Internationally renowned sculptor, installation artist, and environmental artist Alice Aycock discusses the relationship of art and ideas, the evolution of her creative process, public commissions, and cutting her artistic teeth in New York City in the late 1960s and 1970s.

“People have to realize if you’re in this, you’re in it for the long haul. You’re not always getting the limelight, but that doesn’t mean you’re not working, that doesn’t mean you’re not doing shows... Having a career in art, it’s the long haul.”

Alice Aycock is known for her large-scale, architectural, and site-specific sculptures bearing the influence of minimalism and conceptualism.
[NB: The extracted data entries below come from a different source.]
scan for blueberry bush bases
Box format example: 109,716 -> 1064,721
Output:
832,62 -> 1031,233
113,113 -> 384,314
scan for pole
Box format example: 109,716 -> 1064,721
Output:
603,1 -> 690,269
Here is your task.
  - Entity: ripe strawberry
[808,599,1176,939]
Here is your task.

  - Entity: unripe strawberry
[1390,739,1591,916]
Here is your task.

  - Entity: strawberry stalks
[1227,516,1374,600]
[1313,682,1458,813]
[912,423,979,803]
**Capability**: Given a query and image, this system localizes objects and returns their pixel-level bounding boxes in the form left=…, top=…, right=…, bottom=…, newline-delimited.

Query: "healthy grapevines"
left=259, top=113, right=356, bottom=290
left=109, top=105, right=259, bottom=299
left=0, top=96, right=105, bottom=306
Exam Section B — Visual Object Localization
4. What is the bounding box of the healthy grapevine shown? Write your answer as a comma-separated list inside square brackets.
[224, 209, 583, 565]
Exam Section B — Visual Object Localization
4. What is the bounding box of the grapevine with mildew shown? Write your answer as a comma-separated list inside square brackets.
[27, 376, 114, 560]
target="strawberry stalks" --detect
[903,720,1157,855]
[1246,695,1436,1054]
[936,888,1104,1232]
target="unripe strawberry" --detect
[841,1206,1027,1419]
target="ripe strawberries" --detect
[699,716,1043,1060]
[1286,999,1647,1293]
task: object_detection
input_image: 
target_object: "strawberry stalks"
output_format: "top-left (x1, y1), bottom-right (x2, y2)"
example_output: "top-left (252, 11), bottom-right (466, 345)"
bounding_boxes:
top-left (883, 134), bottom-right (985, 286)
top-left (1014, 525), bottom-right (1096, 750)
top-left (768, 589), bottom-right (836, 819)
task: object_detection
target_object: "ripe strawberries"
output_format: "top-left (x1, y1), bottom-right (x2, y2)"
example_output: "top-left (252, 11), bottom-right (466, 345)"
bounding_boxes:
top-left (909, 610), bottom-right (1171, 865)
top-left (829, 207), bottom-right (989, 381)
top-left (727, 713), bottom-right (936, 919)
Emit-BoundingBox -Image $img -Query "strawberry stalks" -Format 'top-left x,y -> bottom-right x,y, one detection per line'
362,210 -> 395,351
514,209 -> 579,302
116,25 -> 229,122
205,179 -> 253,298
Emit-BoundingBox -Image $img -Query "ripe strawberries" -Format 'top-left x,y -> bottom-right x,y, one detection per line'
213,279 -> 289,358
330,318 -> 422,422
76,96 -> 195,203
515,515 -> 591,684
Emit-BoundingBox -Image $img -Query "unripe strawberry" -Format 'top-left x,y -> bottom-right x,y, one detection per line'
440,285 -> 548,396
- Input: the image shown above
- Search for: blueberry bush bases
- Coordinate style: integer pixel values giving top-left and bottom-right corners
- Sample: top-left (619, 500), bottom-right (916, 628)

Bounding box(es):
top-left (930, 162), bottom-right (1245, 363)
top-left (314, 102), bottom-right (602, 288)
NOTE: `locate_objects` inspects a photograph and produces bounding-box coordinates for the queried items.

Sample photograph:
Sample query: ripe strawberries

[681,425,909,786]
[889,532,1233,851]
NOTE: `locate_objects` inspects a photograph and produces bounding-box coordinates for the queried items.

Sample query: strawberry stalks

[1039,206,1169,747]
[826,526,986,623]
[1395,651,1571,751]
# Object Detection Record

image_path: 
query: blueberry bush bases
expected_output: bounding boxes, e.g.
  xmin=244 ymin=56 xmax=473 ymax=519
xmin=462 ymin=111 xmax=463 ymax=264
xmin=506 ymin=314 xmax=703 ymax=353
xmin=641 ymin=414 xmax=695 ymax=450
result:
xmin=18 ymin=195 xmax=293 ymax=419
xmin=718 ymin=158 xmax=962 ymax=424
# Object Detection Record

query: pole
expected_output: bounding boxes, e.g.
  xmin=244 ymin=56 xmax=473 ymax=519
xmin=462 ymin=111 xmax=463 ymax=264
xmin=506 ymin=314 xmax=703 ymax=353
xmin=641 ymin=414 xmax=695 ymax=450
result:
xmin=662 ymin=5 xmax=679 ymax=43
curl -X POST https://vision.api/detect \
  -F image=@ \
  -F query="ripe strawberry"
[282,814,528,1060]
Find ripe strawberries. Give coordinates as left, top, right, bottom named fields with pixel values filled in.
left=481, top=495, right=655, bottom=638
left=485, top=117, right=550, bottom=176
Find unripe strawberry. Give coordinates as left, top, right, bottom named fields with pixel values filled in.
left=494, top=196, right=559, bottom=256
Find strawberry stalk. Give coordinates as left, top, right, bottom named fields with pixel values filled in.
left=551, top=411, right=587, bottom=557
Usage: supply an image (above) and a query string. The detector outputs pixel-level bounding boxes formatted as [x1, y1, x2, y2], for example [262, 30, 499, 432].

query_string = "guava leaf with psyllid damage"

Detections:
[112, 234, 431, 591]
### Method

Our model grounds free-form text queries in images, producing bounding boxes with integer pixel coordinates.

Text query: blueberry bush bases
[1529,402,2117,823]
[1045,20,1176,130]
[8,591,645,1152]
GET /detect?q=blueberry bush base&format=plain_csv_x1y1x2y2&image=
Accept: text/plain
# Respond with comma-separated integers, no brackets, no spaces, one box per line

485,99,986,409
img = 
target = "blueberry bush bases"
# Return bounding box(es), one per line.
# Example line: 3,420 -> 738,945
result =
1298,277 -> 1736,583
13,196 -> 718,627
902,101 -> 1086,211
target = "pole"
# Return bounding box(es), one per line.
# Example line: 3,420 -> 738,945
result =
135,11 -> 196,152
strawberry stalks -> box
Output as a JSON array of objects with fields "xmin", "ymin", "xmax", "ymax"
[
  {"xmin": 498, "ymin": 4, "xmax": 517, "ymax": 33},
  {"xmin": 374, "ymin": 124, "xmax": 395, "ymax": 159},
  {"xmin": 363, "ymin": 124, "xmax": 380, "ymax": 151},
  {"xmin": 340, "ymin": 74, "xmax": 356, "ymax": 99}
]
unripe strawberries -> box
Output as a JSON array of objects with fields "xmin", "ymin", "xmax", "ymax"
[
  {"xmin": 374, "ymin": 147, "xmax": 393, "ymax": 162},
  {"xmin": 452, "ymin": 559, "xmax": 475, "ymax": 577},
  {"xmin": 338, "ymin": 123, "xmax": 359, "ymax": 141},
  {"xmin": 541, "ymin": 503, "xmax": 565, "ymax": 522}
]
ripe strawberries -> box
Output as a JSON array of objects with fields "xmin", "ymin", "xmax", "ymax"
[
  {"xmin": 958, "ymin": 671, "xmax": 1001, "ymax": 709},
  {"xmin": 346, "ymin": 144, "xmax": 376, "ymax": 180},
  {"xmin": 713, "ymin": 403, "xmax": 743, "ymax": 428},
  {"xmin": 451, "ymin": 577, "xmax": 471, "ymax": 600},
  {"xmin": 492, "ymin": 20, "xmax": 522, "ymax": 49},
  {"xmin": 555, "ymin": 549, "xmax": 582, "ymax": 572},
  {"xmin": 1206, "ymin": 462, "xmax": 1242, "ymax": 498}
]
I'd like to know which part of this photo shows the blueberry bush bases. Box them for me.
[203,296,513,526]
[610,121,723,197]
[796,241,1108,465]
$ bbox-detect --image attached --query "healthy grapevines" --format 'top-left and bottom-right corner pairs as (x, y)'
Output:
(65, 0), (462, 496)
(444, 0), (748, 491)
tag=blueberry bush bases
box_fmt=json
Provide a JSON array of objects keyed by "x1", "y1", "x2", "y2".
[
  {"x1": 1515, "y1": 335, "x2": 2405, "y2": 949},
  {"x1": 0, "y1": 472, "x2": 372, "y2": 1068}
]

Aycock studied at Douglass College, the women’s division of Rutgers University in New Brunswick, NJ, from 1964 to 1968, where many Fluxus artists were teaching at the time. She subsequently completed an M.A. under the direction of Robert Morris at Hunter College of the City University of New York (1968–71). As a young artist in New York, Aycock exhibited at 112 Greene Street, an experimental space run by Gordon Matta-Clark. Over the course of her long and prestigious career, Aycock’s work has been exhibited internationally, including at the Venice Biennale, Documenta VI and VIII, and the Whitney Biennial. Her work is held in numerous collections, including the Museum of Modern Art, New York, the Whitney Museum of American Art, and the Los Angeles County Museum of Art. Aycock has taught at the School of Visual Arts in New York since 1991 and the Maryland Institute College of Art in Baltimore since 2010.